DIRECTIONS FOR THIS TASK: Reproduce the records that follow in full, excluding any picture they contain.

(Extracted data entries)
----
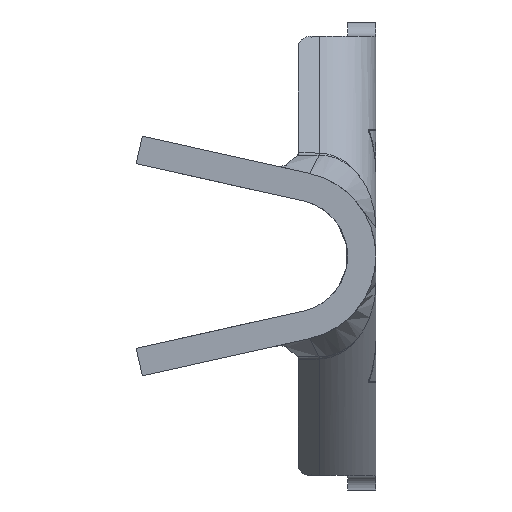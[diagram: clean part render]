
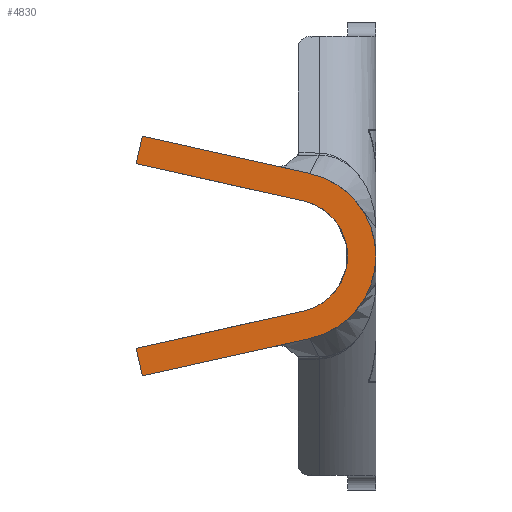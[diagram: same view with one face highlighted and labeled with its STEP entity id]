
A CAD part, left-side view. The second image highlights one B-rep face of the part: STEP entity #4830.
In plain terms, the highlighted planar face has unit normal (-1, 0, 0).
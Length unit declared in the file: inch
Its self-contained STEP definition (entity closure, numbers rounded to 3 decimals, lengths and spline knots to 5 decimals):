
#252 = EDGE_CURVE ( 'NONE', #3623, #1506, #5298, .T. ) ;
#299 = CARTESIAN_POINT ( 'NONE',  ( -0.439, 0.17, 0.06548 ) ) ;
#344 = VERTEX_POINT ( 'NONE', #1787 ) ;
#456 = DIRECTION ( 'NONE',  ( 0., -0.976, -0.217 ) ) ;
#469 = EDGE_LOOP ( 'NONE', ( #1542, #786, #5255, #5681, #1661, #7199, #5432, #2560 ) ) ;
#559 = EDGE_CURVE ( 'NONE', #4486, #3712, #2784, .T. ) ;
#705 = CARTESIAN_POINT ( 'NONE',  ( -0.439, 0.17, -0.06548 ) ) ;
#773 = VECTOR ( 'NONE', #5953, 39.37008 ) ;
#786 = ORIENTED_EDGE ( 'NONE', *, *, #559, .F. ) ;
#941 = DIRECTION ( 'NONE',  ( 0., -0.217, 0.976 ) ) ;
#983 = AXIS2_PLACEMENT_3D ( 'NONE', #5473, #2075, #6029 ) ;
#1189 = AXIS2_PLACEMENT_3D ( 'NONE', #1375, #2011, #5974 ) ;
#1375 = CARTESIAN_POINT ( 'NONE',  ( -0.439, 0.06, 0. ) ) ;
#1506 = VERTEX_POINT ( 'NONE', #2372 ) ;
#1542 = ORIENTED_EDGE ( 'NONE', *, *, #6192, .F. ) ;
#1614 = EDGE_CURVE ( 'NONE', #344, #1723, #4365, .T. ) ;
#1661 = ORIENTED_EDGE ( 'NONE', *, *, #252, .F. ) ;
#1723 = VERTEX_POINT ( 'NONE', #6430 ) ;
#1752 = VERTEX_POINT ( 'NONE', #4385 ) ;
#1787 = CARTESIAN_POINT ( 'NONE',  ( -0.439, 0.04696, -0.05857 ) ) ;
#2011 = DIRECTION ( 'NONE',  ( 1., 0., 0. ) ) ;
#2075 = DIRECTION ( 'NONE',  ( 1., 0., 0. ) ) ;
#2192 = CARTESIAN_POINT ( 'NONE',  ( -0.439, 0.0513, -0.03904 ) ) ;
#2218 = CIRCLE ( 'NONE', #983, 0.06 ) ;
#2307 = DIRECTION ( 'NONE',  ( 0., 0., -1. ) ) ;
#2333 = DIRECTION ( 'NONE',  ( -1., 0., 0. ) ) ;
#2372 = CARTESIAN_POINT ( 'NONE',  ( -0.439, 0.0513, 0.03904 ) ) ;
#2560 = ORIENTED_EDGE ( 'NONE', *, *, #1614, .F. ) ;
#2784 = LINE ( 'NONE', #5865, #5584 ) ;
#2949 = CARTESIAN_POINT ( 'NONE',  ( -0.439, 0.17, 0.06548 ) ) ;
#2996 = VECTOR ( 'NONE', #7277, 39.37008 ) ;
#3529 = CARTESIAN_POINT ( 'NONE',  ( -0.439, 0.0513, 0.03904 ) ) ;
#3548 = VERTEX_POINT ( 'NONE', #2949 ) ;
#3560 = EDGE_CURVE ( 'NONE', #1506, #3548, #4478, .T. ) ;
#3623 = VERTEX_POINT ( 'NONE', #5240 ) ;
#3712 = VERTEX_POINT ( 'NONE', #6734 ) ;
#3969 = LINE ( 'NONE', #705, #773 ) ;
#4268 = EDGE_CURVE ( 'NONE', #1723, #1752, #3969, .T. ) ;
#4365 = LINE ( 'NONE', #6904, #6005 ) ;
#4385 = CARTESIAN_POINT ( 'NONE',  ( -0.439, 0.17, -0.06548 ) ) ;
#4396 = LINE ( 'NONE', #2192, #7236 ) ;
#4419 = EDGE_CURVE ( 'NONE', #1752, #3623, #4396, .T. ) ;
#4478 = LINE ( 'NONE', #3529, #2996 ) ;
#4486 = VERTEX_POINT ( 'NONE', #5630 ) ;
#4527 = VECTOR ( 'NONE', #941, 39.37008 ) ;
#4550 = AXIS2_PLACEMENT_3D ( 'NONE', #6772, #2333, #2307 ) ;
#4830 = ADVANCED_FACE ( 'NONE', ( #7168 ), #4836, .F. ) ;
#4836 = PLANE ( 'NONE',  #1189 ) ;
#5240 = CARTESIAN_POINT ( 'NONE',  ( -0.439, 0.0513, -0.03904 ) ) ;
#5255 = ORIENTED_EDGE ( 'NONE', *, *, #6331, .F. ) ;
#5298 = CIRCLE ( 'NONE', #4550, 0.04 ) ;
#5432 = ORIENTED_EDGE ( 'NONE', *, *, #4268, .F. ) ;
#5473 = CARTESIAN_POINT ( 'NONE',  ( -0.439, 0.06, 0. ) ) ;
#5584 = VECTOR ( 'NONE', #456, 39.37008 ) ;
#5630 = CARTESIAN_POINT ( 'NONE',  ( -0.439, 0.16565, 0.085 ) ) ;
#5681 = ORIENTED_EDGE ( 'NONE', *, *, #3560, .F. ) ;
#5865 = CARTESIAN_POINT ( 'NONE',  ( -0.439, 0.04696, 0.05857 ) ) ;
#5953 = DIRECTION ( 'NONE',  ( 0., 0.217, 0.976 ) ) ;
#5974 = DIRECTION ( 'NONE',  ( 0., 0., -1. ) ) ;
#6005 = VECTOR ( 'NONE', #6378, 39.37008 ) ;
#6029 = DIRECTION ( 'NONE',  ( 0., 0., -1. ) ) ;
#6123 = DIRECTION ( 'NONE',  ( 0., -0.976, 0.217 ) ) ;
#6192 = EDGE_CURVE ( 'NONE', #3712, #344, #2218, .T. ) ;
#6331 = EDGE_CURVE ( 'NONE', #3548, #4486, #7386, .T. ) ;
#6378 = DIRECTION ( 'NONE',  ( 0., 0.976, -0.217 ) ) ;
#6430 = CARTESIAN_POINT ( 'NONE',  ( -0.439, 0.16565, -0.085 ) ) ;
#6734 = CARTESIAN_POINT ( 'NONE',  ( -0.439, 0.04696, 0.05857 ) ) ;
#6772 = CARTESIAN_POINT ( 'NONE',  ( -0.439, 0.06, 0. ) ) ;
#6904 = CARTESIAN_POINT ( 'NONE',  ( -0.439, 0.04696, -0.05857 ) ) ;
#7168 = FACE_OUTER_BOUND ( 'NONE', #469, .T. ) ;
#7199 = ORIENTED_EDGE ( 'NONE', *, *, #4419, .F. ) ;
#7236 = VECTOR ( 'NONE', #6123, 39.37008 ) ;
#7277 = DIRECTION ( 'NONE',  ( 0., 0.976, 0.217 ) ) ;
#7386 = LINE ( 'NONE', #299, #4527 ) ;
----
SOLUTION TO THIS PROBLEM:
[diagram: clean part render]
[diagram: same view with one face highlighted and labeled with its STEP entity id]
A CAD part, left-side view. The second image highlights one B-rep face of the part: STEP entity #4830.
In plain terms, the highlighted planar face has unit normal (-1, 0, 0).
Length unit declared in the file: inch
Its self-contained STEP definition (entity closure, numbers rounded to 3 decimals, lengths and spline knots to 5 decimals):
#252 = EDGE_CURVE ( 'NONE', #3623, #1506, #5298, .T. ) ;
#299 = CARTESIAN_POINT ( 'NONE',  ( -0.439, 0.17, 0.06548 ) ) ;
#344 = VERTEX_POINT ( 'NONE', #1787 ) ;
#456 = DIRECTION ( 'NONE',  ( 0., -0.976, -0.217 ) ) ;
#469 = EDGE_LOOP ( 'NONE', ( #1542, #786, #5255, #5681, #1661, #7199, #5432, #2560 ) ) ;
#559 = EDGE_CURVE ( 'NONE', #4486, #3712, #2784, .T. ) ;
#705 = CARTESIAN_POINT ( 'NONE',  ( -0.439, 0.17, -0.06548 ) ) ;
#773 = VECTOR ( 'NONE', #5953, 39.37008 ) ;
#786 = ORIENTED_EDGE ( 'NONE', *, *, #559, .F. ) ;
#941 = DIRECTION ( 'NONE',  ( 0., -0.217, 0.976 ) ) ;
#983 = AXIS2_PLACEMENT_3D ( 'NONE', #5473, #2075, #6029 ) ;
#1189 = AXIS2_PLACEMENT_3D ( 'NONE', #1375, #2011, #5974 ) ;
#1375 = CARTESIAN_POINT ( 'NONE',  ( -0.439, 0.06, 0. ) ) ;
#1506 = VERTEX_POINT ( 'NONE', #2372 ) ;
#1542 = ORIENTED_EDGE ( 'NONE', *, *, #6192, .F. ) ;
#1614 = EDGE_CURVE ( 'NONE', #344, #1723, #4365, .T. ) ;
#1661 = ORIENTED_EDGE ( 'NONE', *, *, #252, .F. ) ;
#1723 = VERTEX_POINT ( 'NONE', #6430 ) ;
#1752 = VERTEX_POINT ( 'NONE', #4385 ) ;
#1787 = CARTESIAN_POINT ( 'NONE',  ( -0.439, 0.04696, -0.05857 ) ) ;
#2011 = DIRECTION ( 'NONE',  ( 1., 0., 0. ) ) ;
#2075 = DIRECTION ( 'NONE',  ( 1., 0., 0. ) ) ;
#2192 = CARTESIAN_POINT ( 'NONE',  ( -0.439, 0.0513, -0.03904 ) ) ;
#2218 = CIRCLE ( 'NONE', #983, 0.06 ) ;
#2307 = DIRECTION ( 'NONE',  ( 0., 0., -1. ) ) ;
#2333 = DIRECTION ( 'NONE',  ( -1., 0., 0. ) ) ;
#2372 = CARTESIAN_POINT ( 'NONE',  ( -0.439, 0.0513, 0.03904 ) ) ;
#2560 = ORIENTED_EDGE ( 'NONE', *, *, #1614, .F. ) ;
#2784 = LINE ( 'NONE', #5865, #5584 ) ;
#2949 = CARTESIAN_POINT ( 'NONE',  ( -0.439, 0.17, 0.06548 ) ) ;
#2996 = VECTOR ( 'NONE', #7277, 39.37008 ) ;
#3529 = CARTESIAN_POINT ( 'NONE',  ( -0.439, 0.0513, 0.03904 ) ) ;
#3548 = VERTEX_POINT ( 'NONE', #2949 ) ;
#3560 = EDGE_CURVE ( 'NONE', #1506, #3548, #4478, .T. ) ;
#3623 = VERTEX_POINT ( 'NONE', #5240 ) ;
#3712 = VERTEX_POINT ( 'NONE', #6734 ) ;
#3969 = LINE ( 'NONE', #705, #773 ) ;
#4268 = EDGE_CURVE ( 'NONE', #1723, #1752, #3969, .T. ) ;
#4365 = LINE ( 'NONE', #6904, #6005 ) ;
#4385 = CARTESIAN_POINT ( 'NONE',  ( -0.439, 0.17, -0.06548 ) ) ;
#4396 = LINE ( 'NONE', #2192, #7236 ) ;
#4419 = EDGE_CURVE ( 'NONE', #1752, #3623, #4396, .T. ) ;
#4478 = LINE ( 'NONE', #3529, #2996 ) ;
#4486 = VERTEX_POINT ( 'NONE', #5630 ) ;
#4527 = VECTOR ( 'NONE', #941, 39.37008 ) ;
#4550 = AXIS2_PLACEMENT_3D ( 'NONE', #6772, #2333, #2307 ) ;
#4830 = ADVANCED_FACE ( 'NONE', ( #7168 ), #4836, .F. ) ;
#4836 = PLANE ( 'NONE',  #1189 ) ;
#5240 = CARTESIAN_POINT ( 'NONE',  ( -0.439, 0.0513, -0.03904 ) ) ;
#5255 = ORIENTED_EDGE ( 'NONE', *, *, #6331, .F. ) ;
#5298 = CIRCLE ( 'NONE', #4550, 0.04 ) ;
#5432 = ORIENTED_EDGE ( 'NONE', *, *, #4268, .F. ) ;
#5473 = CARTESIAN_POINT ( 'NONE',  ( -0.439, 0.06, 0. ) ) ;
#5584 = VECTOR ( 'NONE', #456, 39.37008 ) ;
#5630 = CARTESIAN_POINT ( 'NONE',  ( -0.439, 0.16565, 0.085 ) ) ;
#5681 = ORIENTED_EDGE ( 'NONE', *, *, #3560, .F. ) ;
#5865 = CARTESIAN_POINT ( 'NONE',  ( -0.439, 0.04696, 0.05857 ) ) ;
#5953 = DIRECTION ( 'NONE',  ( 0., 0.217, 0.976 ) ) ;
#5974 = DIRECTION ( 'NONE',  ( 0., 0., -1. ) ) ;
#6005 = VECTOR ( 'NONE', #6378, 39.37008 ) ;
#6029 = DIRECTION ( 'NONE',  ( 0., 0., -1. ) ) ;
#6123 = DIRECTION ( 'NONE',  ( 0., -0.976, 0.217 ) ) ;
#6192 = EDGE_CURVE ( 'NONE', #3712, #344, #2218, .T. ) ;
#6331 = EDGE_CURVE ( 'NONE', #3548, #4486, #7386, .T. ) ;
#6378 = DIRECTION ( 'NONE',  ( 0., 0.976, -0.217 ) ) ;
#6430 = CARTESIAN_POINT ( 'NONE',  ( -0.439, 0.16565, -0.085 ) ) ;
#6734 = CARTESIAN_POINT ( 'NONE',  ( -0.439, 0.04696, 0.05857 ) ) ;
#6772 = CARTESIAN_POINT ( 'NONE',  ( -0.439, 0.06, 0. ) ) ;
#6904 = CARTESIAN_POINT ( 'NONE',  ( -0.439, 0.04696, -0.05857 ) ) ;
#7168 = FACE_OUTER_BOUND ( 'NONE', #469, .T. ) ;
#7199 = ORIENTED_EDGE ( 'NONE', *, *, #4419, .F. ) ;
#7236 = VECTOR ( 'NONE', #6123, 39.37008 ) ;
#7277 = DIRECTION ( 'NONE',  ( 0., 0.976, 0.217 ) ) ;
#7386 = LINE ( 'NONE', #299, #4527 ) ;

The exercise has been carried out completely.